Material for the task -
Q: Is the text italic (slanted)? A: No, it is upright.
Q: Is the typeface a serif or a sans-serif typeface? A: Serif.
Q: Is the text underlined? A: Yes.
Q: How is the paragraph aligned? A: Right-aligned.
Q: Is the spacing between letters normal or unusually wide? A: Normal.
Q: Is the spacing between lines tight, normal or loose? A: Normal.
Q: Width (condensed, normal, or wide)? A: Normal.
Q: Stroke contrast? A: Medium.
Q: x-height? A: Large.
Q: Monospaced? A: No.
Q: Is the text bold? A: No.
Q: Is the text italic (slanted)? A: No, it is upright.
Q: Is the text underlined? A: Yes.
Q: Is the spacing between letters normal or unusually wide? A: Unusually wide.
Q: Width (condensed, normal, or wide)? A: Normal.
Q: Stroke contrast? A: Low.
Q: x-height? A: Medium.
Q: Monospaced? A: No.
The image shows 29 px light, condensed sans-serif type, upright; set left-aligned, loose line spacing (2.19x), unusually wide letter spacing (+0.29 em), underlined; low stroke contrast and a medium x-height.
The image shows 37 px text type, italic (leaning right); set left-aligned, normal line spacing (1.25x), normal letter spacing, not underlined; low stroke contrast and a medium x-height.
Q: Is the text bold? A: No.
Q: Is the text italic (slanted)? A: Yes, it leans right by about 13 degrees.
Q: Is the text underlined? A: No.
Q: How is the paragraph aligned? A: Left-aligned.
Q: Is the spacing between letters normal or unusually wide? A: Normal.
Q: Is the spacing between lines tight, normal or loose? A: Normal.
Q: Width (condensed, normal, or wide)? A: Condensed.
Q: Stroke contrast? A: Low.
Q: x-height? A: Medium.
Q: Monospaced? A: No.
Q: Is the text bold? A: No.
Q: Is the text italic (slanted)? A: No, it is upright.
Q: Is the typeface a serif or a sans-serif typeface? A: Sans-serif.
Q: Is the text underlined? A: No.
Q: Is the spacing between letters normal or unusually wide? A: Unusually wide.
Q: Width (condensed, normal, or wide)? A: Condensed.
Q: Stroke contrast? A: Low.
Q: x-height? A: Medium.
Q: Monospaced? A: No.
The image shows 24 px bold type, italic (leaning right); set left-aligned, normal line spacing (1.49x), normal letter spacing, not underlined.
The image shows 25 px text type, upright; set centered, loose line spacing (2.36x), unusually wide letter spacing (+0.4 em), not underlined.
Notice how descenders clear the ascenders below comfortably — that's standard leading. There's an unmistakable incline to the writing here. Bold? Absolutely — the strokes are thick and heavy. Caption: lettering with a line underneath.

Problem statement -
The answer must be the data above, repeated exactly as it stands.

Written response -
Q: Is the text italic (slanted)? A: No, it is upright.
Q: Is the typeface a serif or a sans-serif typeface? A: Serif.
Q: Is the text underlined? A: Yes.
Q: How is the paragraph aligned? A: Right-aligned.
Q: Is the spacing between letters normal or unusually wide? A: Normal.
Q: Is the spacing between lines tight, normal or loose? A: Normal.
Q: Width (condensed, normal, or wide)? A: Normal.
Q: Stroke contrast? A: Medium.
Q: x-height? A: Large.
Q: Monospaced? A: No.
Q: Is the text bold? A: No.
Q: Is the text italic (slanted)? A: No, it is upright.
Q: Is the text underlined? A: Yes.
Q: Is the spacing between letters normal or unusually wide? A: Unusually wide.
Q: Width (condensed, normal, or wide)? A: Normal.
Q: Stroke contrast? A: Low.
Q: x-height? A: Medium.
Q: Monospaced? A: No.
The image shows 29 px light, condensed sans-serif type, upright; set left-aligned, loose line spacing (2.19x), unusually wide letter spacing (+0.29 em), underlined; low stroke contrast and a medium x-height.
The image shows 37 px text type, italic (leaning right); set left-aligned, normal line spacing (1.25x), normal letter spacing, not underlined; low stroke contrast and a medium x-height.
Q: Is the text bold? A: No.
Q: Is the text italic (slanted)? A: Yes, it leans right by about 13 degrees.
Q: Is the text underlined? A: No.
Q: How is the paragraph aligned? A: Left-aligned.
Q: Is the spacing between letters normal or unusually wide? A: Normal.
Q: Is the spacing between lines tight, normal or loose? A: Normal.
Q: Width (condensed, normal, or wide)? A: Condensed.
Q: Stroke contrast? A: Low.
Q: x-height? A: Medium.
Q: Monospaced? A: No.
Q: Is the text bold? A: No.
Q: Is the text italic (slanted)? A: No, it is upright.
Q: Is the typeface a serif or a sans-serif typeface? A: Sans-serif.
Q: Is the text underlined? A: No.
Q: Is the spacing between letters normal or unusually wide? A: Unusually wide.
Q: Width (condensed, normal, or wide)? A: Condensed.
Q: Stroke contrast? A: Low.
Q: x-height? A: Medium.
Q: Monospaced? A: No.
The image shows 24 px bold type, italic (leaning right); set left-aligned, normal line spacing (1.49x), normal letter spacing, not underlined.
The image shows 25 px text type, upright; set centered, loose line spacing (2.36x), unusually wide letter spacing (+0.4 em), not underlined.
Notice how descenders clear the ascenders below comfortably — that's standard leading. There's an unmistakable incline to the writing here. Bold? Absolutely — the strokes are thick and heavy. Caption: lettering with a line underneath.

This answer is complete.